- [Required action]
Reproduce, exactly, the lines of the material below from the line containing "Q: Is the typeface" through the line containing "Q: Monospaced? A: No.", with both end lines included and nothing else.

- [Records for the task]
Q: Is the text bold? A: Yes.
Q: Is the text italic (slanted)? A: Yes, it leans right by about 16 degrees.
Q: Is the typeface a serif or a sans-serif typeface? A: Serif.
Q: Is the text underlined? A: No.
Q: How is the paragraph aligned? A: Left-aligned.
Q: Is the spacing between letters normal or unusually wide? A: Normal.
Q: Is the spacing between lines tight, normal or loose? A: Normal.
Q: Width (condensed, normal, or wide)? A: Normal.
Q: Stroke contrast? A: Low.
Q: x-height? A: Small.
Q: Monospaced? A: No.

==

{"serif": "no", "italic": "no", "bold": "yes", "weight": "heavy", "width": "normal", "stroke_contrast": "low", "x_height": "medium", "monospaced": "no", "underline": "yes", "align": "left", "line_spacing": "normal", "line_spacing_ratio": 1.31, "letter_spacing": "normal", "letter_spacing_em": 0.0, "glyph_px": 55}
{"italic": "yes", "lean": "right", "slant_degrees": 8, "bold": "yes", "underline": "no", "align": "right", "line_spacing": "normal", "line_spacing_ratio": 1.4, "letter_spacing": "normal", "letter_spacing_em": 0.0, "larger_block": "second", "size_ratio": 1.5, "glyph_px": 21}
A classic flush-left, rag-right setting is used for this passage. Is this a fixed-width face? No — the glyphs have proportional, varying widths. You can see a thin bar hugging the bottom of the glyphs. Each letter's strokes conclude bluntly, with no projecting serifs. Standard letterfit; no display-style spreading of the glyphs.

- [Expected answer]
Q: Is the typeface a serif or a sans-serif typeface? A: Serif.
Q: Is the text underlined? A: No.
Q: How is the paragraph aligned? A: Left-aligned.
Q: Is the spacing between letters normal or unusually wide? A: Normal.
Q: Is the spacing between lines tight, normal or loose? A: Normal.
Q: Width (condensed, normal, or wide)? A: Normal.
Q: Stroke contrast? A: Low.
Q: x-height? A: Small.
Q: Monospaced? A: No.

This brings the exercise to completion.